Exercise instructions> From the records that follow, return exactly the lines beginning at the one that contains "ދައްކާފައިވީ ނަމަވެސް އޭނާ" and ending at the one that contains "by birth, but", pictures left out.

::::::::

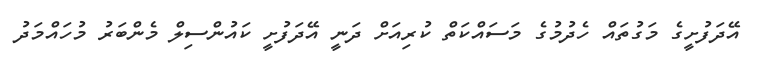
އޭދަފުށީގެ މަގުތައް ހެދުމުގެ މަސައްކަތް ކުރިއަށް ދަނީ އޭދަފުށީ ކައުންސިލް މެންބަރު މުހައްމަދު
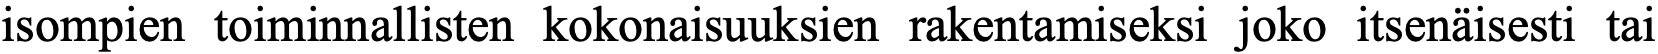
isompien toiminnallisten kokonaisuuksien rakentamiseksi joko itsenäisesti tai
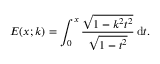
E ( x ; k ) = \int _ { 0 } ^ { x } { \frac { \sqrt { 1 - k ^ { 2 } t ^ { 2 } } } { \sqrt { 1 - t ^ { 2 } } } } \, \mathrm { d } t .
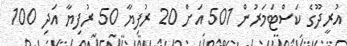
އުރީދޫގެ ކަސްޓަމަރުން 501 އަށް 20 ރުފިޔާ 50 ރުފިޔާ އަދި 100
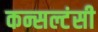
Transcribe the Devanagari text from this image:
कन्सल्टंसी
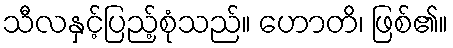
သီလနှင့်ပြည့်စုံသည်။ ဟောတိ၊ ဖြစ်၏။
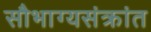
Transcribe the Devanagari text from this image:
सौभाग्यसंक्रांत
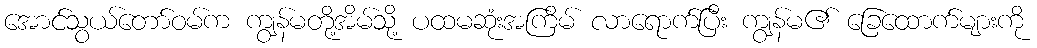
အောင်သွယ်တော်ဝမ်က ကျွန်မတို့အိမ်သို့ ပထမဆုံးအကြိမ် လာရောက်ပြီး ကျွန်မ၏ ခြေထောက်များကို
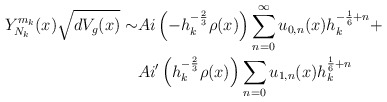
\begin{align*}\begin{aligned} Y^{m_k}_{N_k}(x) \sqrt{dV_g(x)} \sim& Ai\left(-h_k^{-\frac{2}{3}} \rho(x) \right) \sum_{n = 0}^\infty u_{0,n}(x) h_k^{-{\frac{1}{6}} + n} + \\ & Ai'\left(h_k^{-\frac{2}{3}} \rho(x)\right)\sum_{n = 0} u_{1,n}(x) h_k^{\frac{1}{6}+n} \end{aligned}\end{align*}
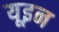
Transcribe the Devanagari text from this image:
यूइन
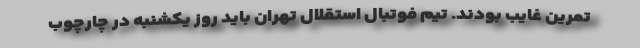
تمرین غایب بودند. تیم فوتبال استقلال تهران باید روز یکشنبه در چارچوب
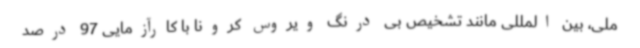
ملی، بین المللی مانند تشخیص بی درنگ ویروس کرونا با کارآزمایی 97 درصد
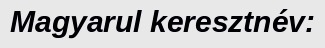
Magyarul keresztnév:
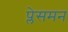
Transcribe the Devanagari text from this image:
प्लेसमन
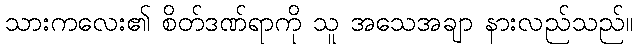
သားကလေး၏ စိတ်ဒဏ်ရာကို သူ အသေအချာ နားလည်သည်။
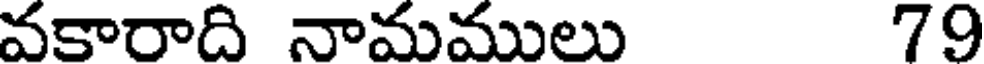
వకారాది నామములు 79
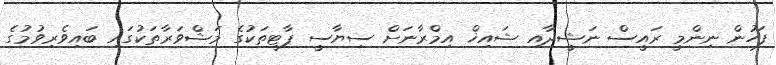
ފަހުން ނިންމީ ރައީސް ނަޝީދާއި ޝައިޚް އިމްރާނަށް ސިޔާސީ ޕާޓީތަކުގެ މަޝްވަރާތަކުގައި ބައިވެރިވުމުގެ
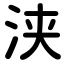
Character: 浃
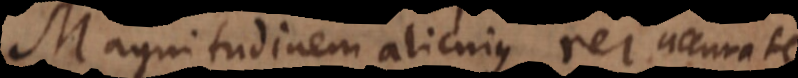
Magnitudinem alicujus rei accurate
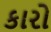
કારો
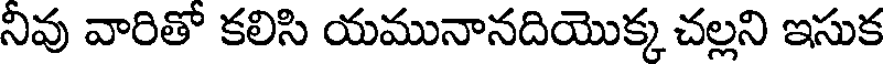
నీవు వారితో కలిసి యమునానదియొక్క చల్లని ఇసుక
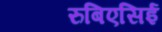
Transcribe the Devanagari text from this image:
रुबिएसिई
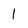
Character: 1
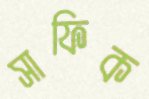
সাফিক
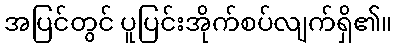
အပြင်တွင် ပူပြင်းအိုက်စပ်လျက်ရှိ၏။
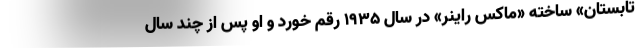
تابستان» ساخته «ماکس راینر» در سال ۱۹۳۵ رقم خورد و او پس از چند سال
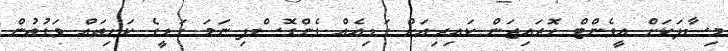
މިސާލަކަށް އީވެންޓް ހޮރައިޒަން ކައިރިއަށް ގަޑިއެއް ގެންގޮސްފި ނަމަ ގަޑީގެ ކަށިތައް ވަގުތުން
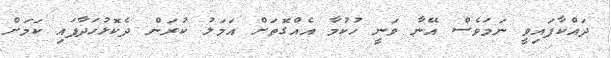
ދައްކާފައިވީ ނަމަވެސް އޭނާ ވަނީ ހުކުމާ އެއްގޮތަށް އަމަލު ކުރަން ދެކޮޅުހަދާފައި ކަމަށް
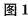
图1
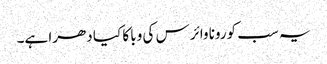
یہ سب کورونا وائرس کی وبا کا کیا دھرا ہے۔
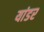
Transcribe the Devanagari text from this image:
यांडर
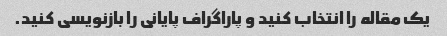
یک مقاله را انتخاب کنید و پاراگراف پایانی را بازنویسی کنید.
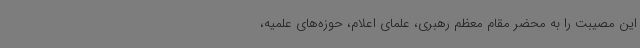
این مصیبت را به محضر مقام معظم رهبری، علمای اعلام، حوزه‌های علمیه،
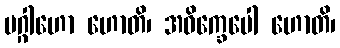
ပဂ္ဂါဟော ဟောတိ၊ အဝိက္ခေပေါ ဟောတိ၊
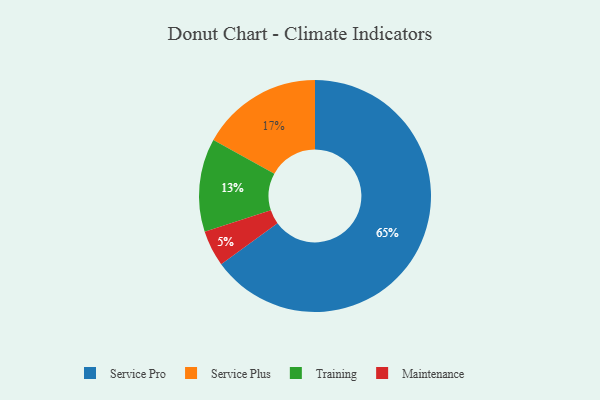
{"axis": {"x": "Category", "y": "Percentage"}, "legend": ["Maintenance", "Service Plus", "Service Pro", "Training"], "data": [{"x": "Maintenance", "y": 5, "type": "Maintenance"}, {"x": "Service Pro", "y": 65, "type": "Service Pro"}, {"x": "Service Plus", "y": 17, "type": "Service Plus"}, {"x": "Training", "y": 13, "type": "Training"}]}
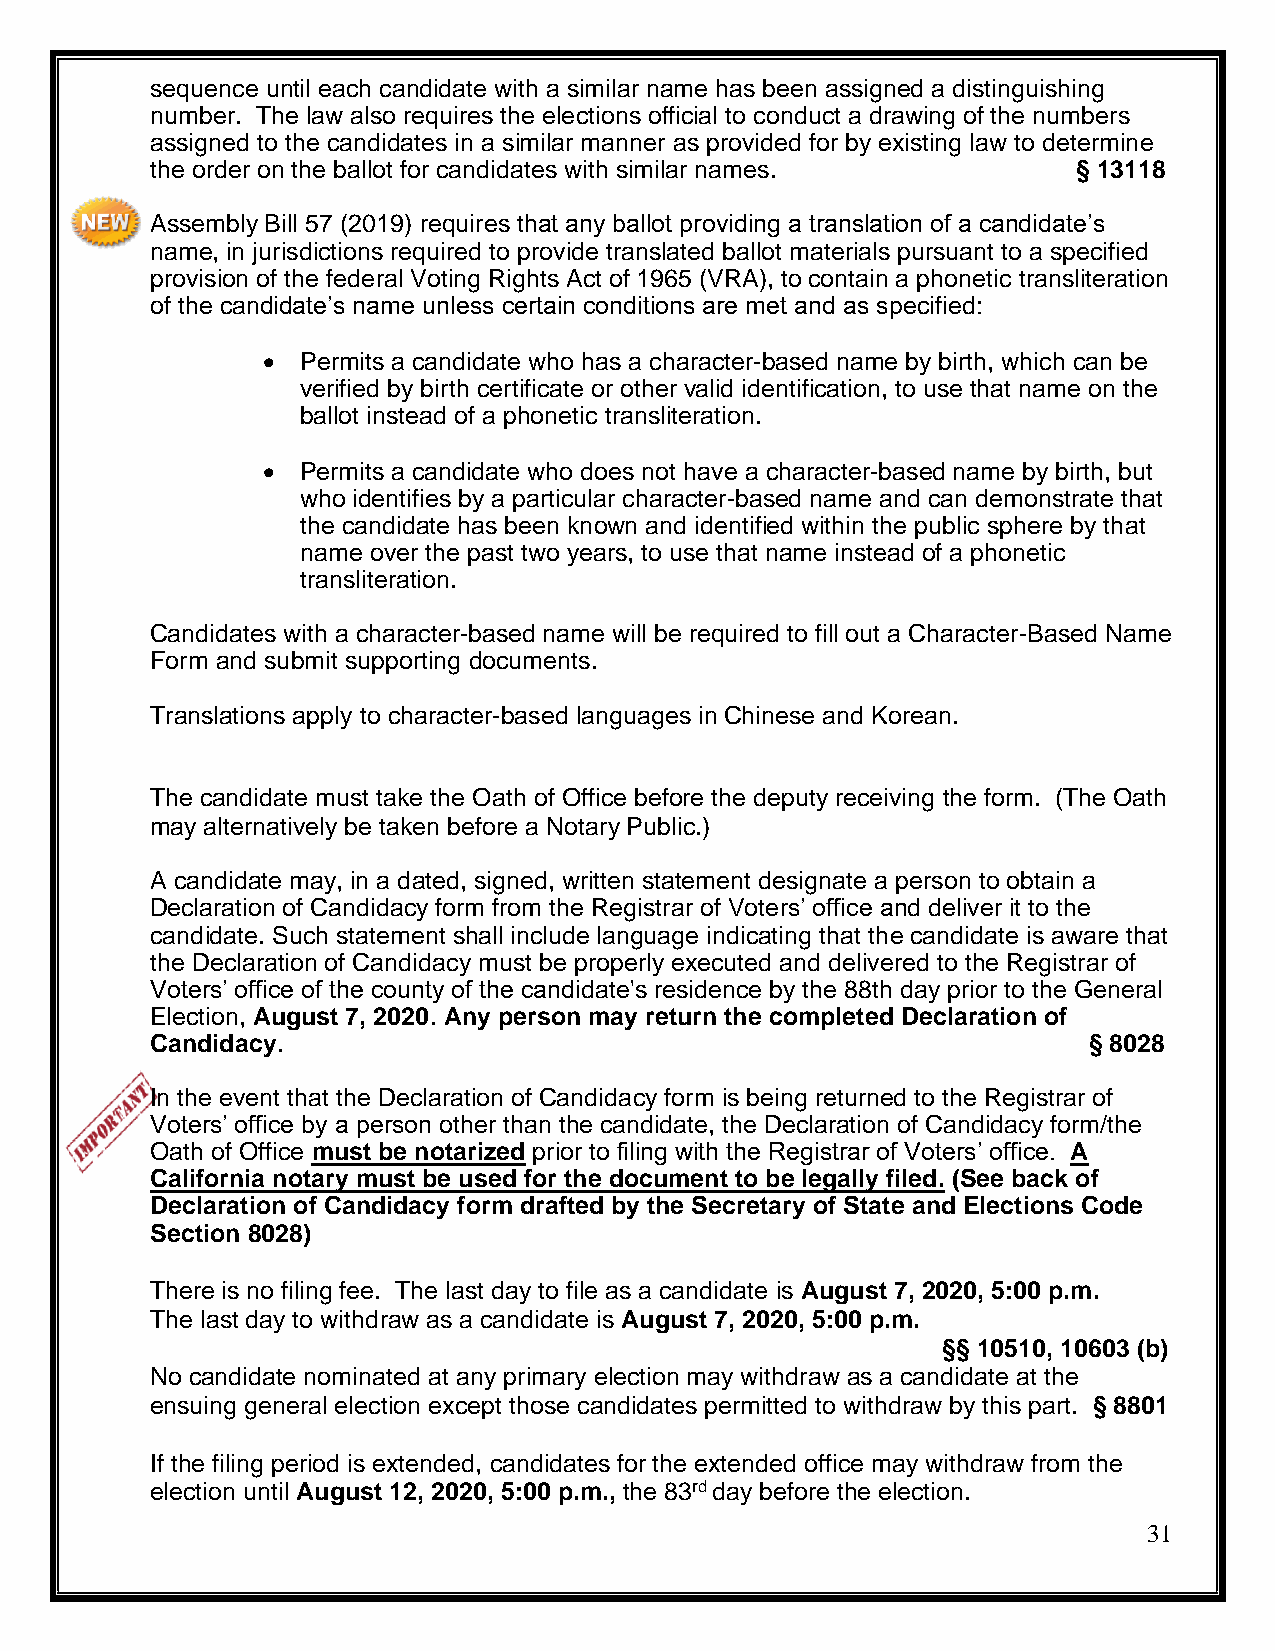
sequence until each candidate with a similar name has been assigned a distinguishing
 number. The law also requires the elections official to conduct a drawing of the numbers
 assigned to the candidates in a similar manner as provided for by existing law to determine
 the order on the ballot for candidates with similar names.   § 13118
 Assembly Bill 57 (2019) requires that any ballot providing a translation of a candidate’s
 name, in jurisdictions required to provide translated ballot materials pursuant to a specified
 provision of the federal Voting Rights Act of 1965 (VRA), to contain a phonetic transliteration
 of the candidate’s name unless certain conditions are met and as specified:
 •  Permits a candidate who has a character-based name by birth, which can be
 verified by birth certificate or other valid identification, to use that name on the
 ballot instead of a phonetic transliteration.
 •  Permits a candidate who does not have a character-based name by birth, but
 who identifies by a particular character-based name and can demonstrate that
 the candidate has been known and identified within the public sphere by that
 name over the past two years, to use that name instead of a phonetic
 transliteration.
 Candidates with a character-based name will be required to fill out a Character-Based Name
 Form and submit supporting documents.
 Translations apply to character-based languages in Chinese and Korean.
 The candidate must take the Oath of Office before the deputy receiving the form. (The Oath
 may alternatively be taken before a Notary Public.)
 A candidate may, in a dated, signed, written statement designate a person to obtain a
 Declaration of Candidacy form from the Registrar of Voters’ office and deliver it to the
 candidate. Such statement shall include language indicating that the candidate is aware that
 the Declaration of Candidacy must be properly executed and delivered to the Registrar of
 Voters’ office of the county of the candidate's residence by the 88th day prior to the General
 Election, August 7, 2020. Any person may return the completed Declaration of
 Candidacy.                                                    § 8028
 In the event that the Declaration of Candidacy form is being returned to the Registrar of
 Voters’ office by a person other than the candidate, the Declaration of Candidacy form/the
 Oath of Office must be notarized prior to filing with the Registrar of Voters’ office. A
 California notary must be used for the document to be legally filed. (See back of
 Declaration of Candidacy form drafted by the Secretary of State and Elections Code
 Section 8028)
 There is no filing fee. The last day to file as a candidate is August 7, 2020, 5:00 p.m.
 The last day to withdraw as a candidate is August 7, 2020, 5:00 p.m.
 §§ 10510, 10603 (b)
 No candidate nominated at any primary election may withdraw as a candidate at the
 ensuing general election except those candidates permitted to withdraw by this part. § 8801
 If the filing period is extended, candidates for the extended office may withdraw from the
 election until August 12, 2020, 5:00 p.m., the 83rd day before the election.
 31

::::::::

Solution to the exercise>
ދައްކާފައިވީ ނަމަވެސް އޭނާ ވަނީ ހުކުމާ އެއްގޮތަށް އަމަލު ކުރަން ދެކޮޅުހަދާފައި ކަމަށް
图1
یہ سب کورونا وائرس کی وبا کا کیا دھرا ہے۔
Transcribe the Devanagari text from this image:
यांडर
یک مقاله را انتخاب کنید و پاراگراف پایانی را بازنویسی کنید.
این مصیبت را به محضر مقام معظم رهبری، علمای اعلام، حوزه‌های علمیه،
ပဂ္ဂါဟော ဟောတိ၊ အဝိက္ခေပေါ ဟောတိ၊
{"axis": {"x": "Category", "y": "Percentage"}, "legend": ["Maintenance", "Service Plus", "Service Pro", "Training"], "data": [{"x": "Maintenance", "y": 5, "type": "Maintenance"}, {"x": "Service Pro", "y": 65, "type": "Service Pro"}, {"x": "Service Plus", "y": 17, "type": "Service Plus"}, {"x": "Training", "y": 13, "type": "Training"}]}
sequence until each candidate with a similar name has been assigned a distinguishing
 number. The law also requires the elections official to conduct a drawing of the numbers
 assigned to the candidates in a similar manner as provided for by existing law to determine
 the order on the ballot for candidates with similar names.   § 13118
 Assembly Bill 57 (2019) requires that any ballot providing a translation of a candidate’s
 name, in jurisdictions required to provide translated ballot materials pursuant to a specified
 provision of the federal Voting Rights Act of 1965 (VRA), to contain a phonetic transliteration
 of the candidate’s name unless certain conditions are met and as specified:
 •  Permits a candidate who has a character-based name by birth, which can be
 verified by birth certificate or other valid identification, to use that name on the
 ballot instead of a phonetic transliteration.
 •  Permits a candidate who does not have a character-based name by birth, but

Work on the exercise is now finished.